Ricordiamo il punto del dibattito. Il legislatore, dovendo definire che cos’era fabbricato industriale, all’art. 5 della legge 26 gennaio 1865 disse che erano opifizi, assoggettati all’imposta sui fabbricati, le costruzioni destinate all’industria e munite di meccanismi ed apparecchi fissi, ed all’art. 7 della legge 11 luglio 1889 specificò che nell’accertamento del reddito degli opifizi debbono considerarsi come parti integranti dei medesimi i generatori della forza motrice stessa, quando siano connessi od incorporati al fabbricato; ma che non sono da considerarsi come tali le trasmissioni e le macchine lavoratrici.
Per un pezzo, nel caso speciale degli impianti per acqua potabile, il fisco se ne stette quieto. Reputava esso, e con lui reputavano tutte le persone di buon senso, che il concetto del fabbricato industriale dovesse limitarsi agli edifici veri e propri forniti di forza motrice, inservienti per l’estrazione dell’acqua dal sottosuolo o per la sua presa dai laghi o fiumi naturali o dai serbatoi artificiali.

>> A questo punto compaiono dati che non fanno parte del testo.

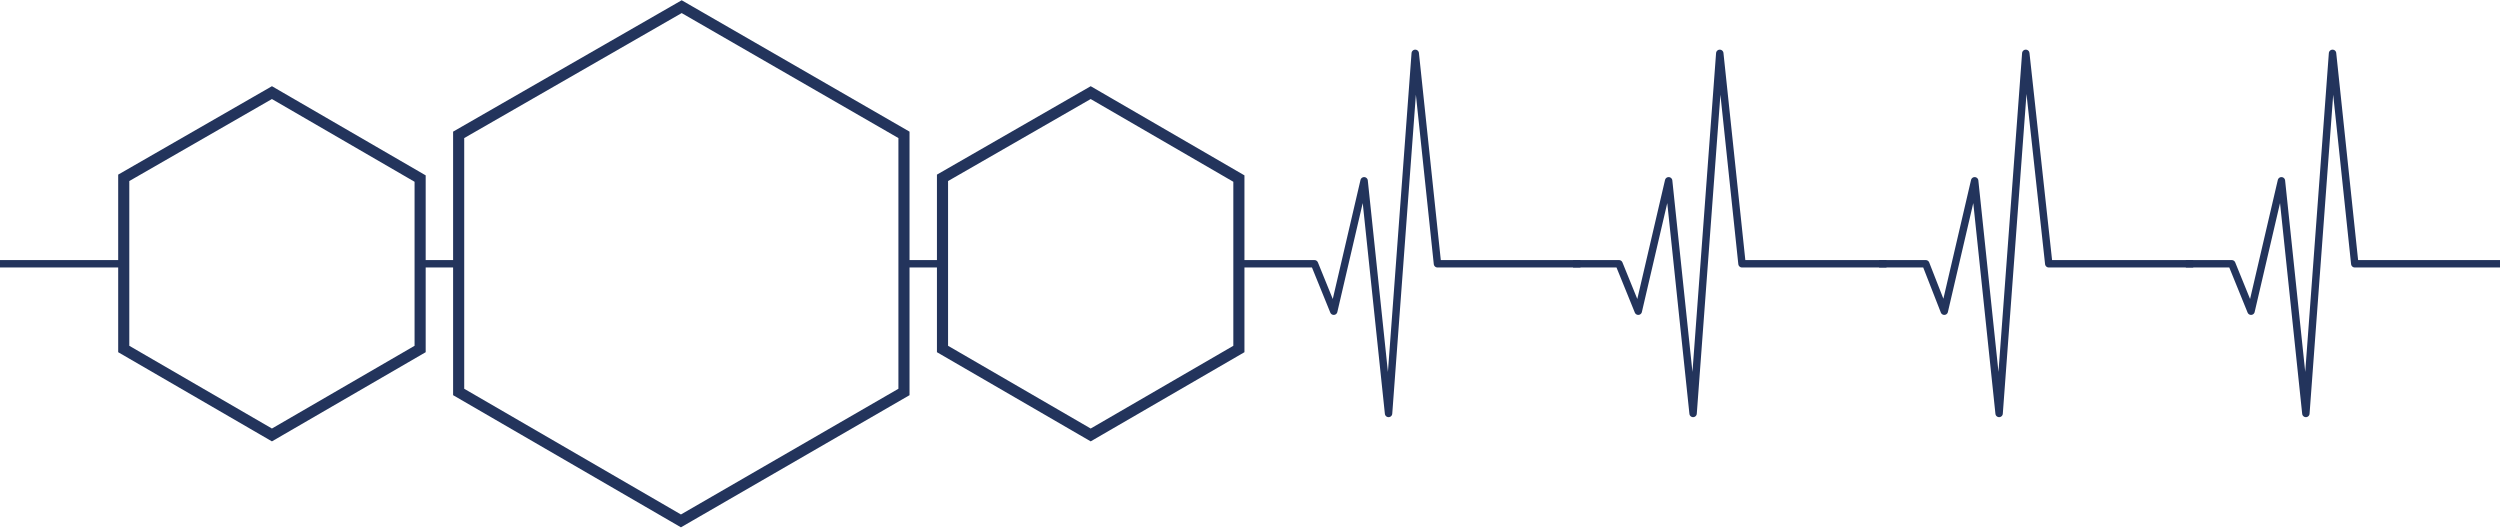 <svg xmlns="http://www.w3.org/2000/svg" viewBox="0 0 337.4 71.2"><defs><style>.cls-1,.cls-2{fill:none;stroke:#23345c67;}.cls-1{stroke-miterlimit:10;stroke-width:1.5px;}.cls-2{stroke-linecap:square;stroke-linejoin:round;}</style></defs><g id="Layer_2" data-name="Layer 2"><g id="Layer_1-2" data-name="Layer 1"><polygon class="cls-1" points="16.7 24 36.7 12.5 56.7 24.1 56.7 47.1 36.7 58.7 16.7 47.1 16.7 24"/><polygon class="cls-1" points="127.2 24 147.2 12.5 167.2 24.1 167.2 47.1 147.2 58.7 127.2 47.1 127.2 24"/><polygon class="cls-1" points="61.9 18.2 92 0.9 122 18.2 122 52.9 91.9 70.3 61.9 52.9 61.9 18.2"/><polyline class="cls-2" points="167.2 35.6 177.4 35.6 180 42 184.1 24.4 187.4 55.8 191 7.2 194 35.6 212.8 35.6"/><polyline class="cls-2" points="212.8 35.6 218.5 35.6 221.1 42 225.2 24.4 228.5 55.8 232.1 7.2 235.1 35.6 254.1 35.6"/><polyline class="cls-2" points="254.1 35.6 259.9 35.6 262.4 42 266.5 24.4 269.8 55.8 273.4 7.2 276.5 35.6 295.5 35.6"/><polyline class="cls-2" points="295.5 35.6 301.2 35.6 303.8 42 307.9 24.4 311.2 55.8 314.8 7.2 317.8 35.6 336.9 35.6"/><line class="cls-2" x1="127.2" y1="35.6" x2="122" y2="35.6"/><line class="cls-2" x1="61.9" y1="35.6" x2="56.7" y2="35.6"/><line class="cls-2" x1="16.7" y1="35.6" x2="0.5" y2="35.6"/></g></g></svg>

Dal fabbricato reputavasi escluso tutto ciò che aveva attinenza ad operazioni industriali, come le pompe o meccanismi atti all’estrazione ed i mezzi tecnici atti a convogliare l’acqua alla città. Le condutture erano bensì costrutte in muratura od in tubi di ferro; ma a nessuno era caduto in mente di considerarle parte integrante del fabbricato, perché quando entra in scena la conduttura, da tempo le operazioni industriali dell’estrazione, della depurazione, ecc., sono già state iniziate e cominciano anzi appunto, coll’immissione dell’acqua nelle condutture, le operazioni commerciali: trasporto della merce prodotta e sua distribuzione ai consumatori. Nulla toglie all’indole strettamente commerciale della funzione del “trasporto” il fatto che questo non avviene su carri serbatoi o in botti, come si faceva al buon tempo antico e come si fa in alcuni paesi assetati delle Puglie, dove l’acqua si vende a un soldo al litro. L’acquedotto è un mezzo tecnico più perfezionato, che gli uomini adottarono e che i Governi favorirono, allo scopo di ridurre il costo dell’acqua e di distribuirla largamente a prò della salute e dell’igiene. Il mezzo tecnico diverso e più perfetto non può aver cambiato natura all’operazione commerciale: impresa di trasporto. Se l’esercente ricaverà utili dalla sua industria o dal suo commercio, quegli utili saranno colpiti dall’imposta sui redditi di ricchezza mobile. Non può il fisco, per ricavare un provento più cospicuo, per assicurarsi un reddito più sicuro (si sa che l’imposta sui fabbricati è quasi immutabile e certamente assai meglio fissa di quanto non sia l’imposta di ricchezza mobile), torcer il significato delle cose e far diventare investimento edilizio ciò che è aleatoria operazione commerciale.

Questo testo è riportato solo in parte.